The function of the blood–brain barrier in HH is poorly studied, with little known of iron transport across it. In haemochromatosis, iron pigmentation of the pituitary gland, pineal body, leptomeninges, lentiform nucleus, dentate nucleus, choroid plexus, and paraventricular areas of the human brain is well documented.29,30 A recent neuroradiological study revealed abnormal basal ganglia signal intensities on MRI in 6 of 14 neurologically normal individuals with HH, suggesting excess iron deposition in the basal ganglia.1 There is increasing evidence for the traffic of iron across the blood–brain barrier by transferrin receptor mediated endocytosis of transferrin–iron complex, with subsequent release of iron, either free or bound to transferrin, into the brain interstitium.31,32 The blood–brain barrier is likely to regulate the ebb and flow of iron to and from the brain interstitial fluid and CSF in a dynamic fashion, probably by altering the number of transferrin receptors expressed on cerebral capillary endothelial cells. This challenges the view that the brain is impervious to iron from systemic tissues. Animal studies have not demonstrated excess iron deposition consequent to short term systemic iron overload. However, the chronic (over decades) systemic iron overload seen in human HH poses a major challenge for the blood–brain barrier in maintaining brain iron homeostasis.
We have described four cases of concurrent HH and IPD. The chronic systemic iron overload seen in HH may result in a spill over of iron through the blood–brain barrier into areas of the brain known to store iron, particularly the basal ganglia. We speculate that iron deposition might occur within susceptible brain areas in HH, resulting in neurological illness. These cases of IPD occurring in individuals with HH add some weight to the possibility of iron toxicity as a significant factor in the aetiology of IPD. We acknowledge that both IPD and HH are common diseases and it is feasible that both conditions could affect any given individual by chance. We also acknowledge that parkinsonism per se rather than IPD would be more likely to occur if iron deposition were to occur within the basal ganglia in HH.

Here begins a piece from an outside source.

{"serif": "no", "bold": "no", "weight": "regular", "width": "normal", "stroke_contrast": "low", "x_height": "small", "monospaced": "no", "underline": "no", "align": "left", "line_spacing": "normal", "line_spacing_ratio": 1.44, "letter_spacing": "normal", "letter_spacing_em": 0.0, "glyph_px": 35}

Basal ganglia iron deposition is a feature of conditions simulating IPD such as multiple system atrophy and progressive supranuclear palsy but not IPD. We believe that the clinical cases described here represent probable IPD. Prospective studies examining the prevalence of IPD among genetically confirmed, iron overloaded HH individuals would further clarify any possible link between these two conditions. If a real association becomes apparent between HH and IPD, HH should be considered in the evaluation of IPD patients.
REFERENCES
Berg D, Hoggenmuller U, Hofmann E, et al. The basal ganglia in haemochromatosis. Neuroradiology 2000;42:9–13.
Schr?der J, Haan J. Extrapyramidales Syndrom bei idiopathischer H?mochromatose (IHC). Nervenartz 1987;58:577–8.

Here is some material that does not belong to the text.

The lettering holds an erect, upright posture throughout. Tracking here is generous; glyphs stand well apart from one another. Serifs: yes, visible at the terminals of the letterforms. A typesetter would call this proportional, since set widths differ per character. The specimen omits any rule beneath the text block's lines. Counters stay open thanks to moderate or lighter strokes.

Nielsen JE, Neerup Jensen L, Krabbe K. Hereditary haemochromatosis: a case of iron accumulation in the basal ganglia associated with a parkinsonian syndrome. J Neurol Neurosurg Psychiatry 1995;59:318–21.
Demarquay G, Setiey A, Morel Y, et al. Clinical report of three patients with hereditary haemochromatosis and movement disorders. Movement Dis 2000;15:1204–9.
Kuipers FC. Over Haemochromatosis met hepato-cerebral degeneratie. These de Univ U J Enschede & Zonen Amsterdam Haarlem 1932.
Scully RE, Galdabini JJ, McNeely BU. Case records of the Massachusetts General Hospital: case 17–1979. N Engl J Med 1980;300:969–76.
Milder MS, Cook JD, Stray S, et al. Idiopathic haemochromatosis, an interim report. Medicine 1980;59:34–49.
Royden Jones H Jr, Hedley-Whyte ET. Idiopathic haemochromatosis (IHC): Dementia and ataxia as presenting signs. Neurology (Cleveland) 1983;33:1479–83.
Harvey RJ, Summerfield JA, Fox NC, et al. Dementia associated with haemochromatosis: a report of two cases. Eur J Neurol 1997;4:318–22.
Rajput AH, Offord KP, Beard CM, et al. Epidemiology of Parkinsonism: incidence, classification and mortality. Ann Neurol 1984;16:278–82.
McDonnell SM, Preston BL, Jewell SA, et al. A survey of 2851 patients with haemochromatosis: symptoms and response to treatment. Am J Med 1999;106:619–24.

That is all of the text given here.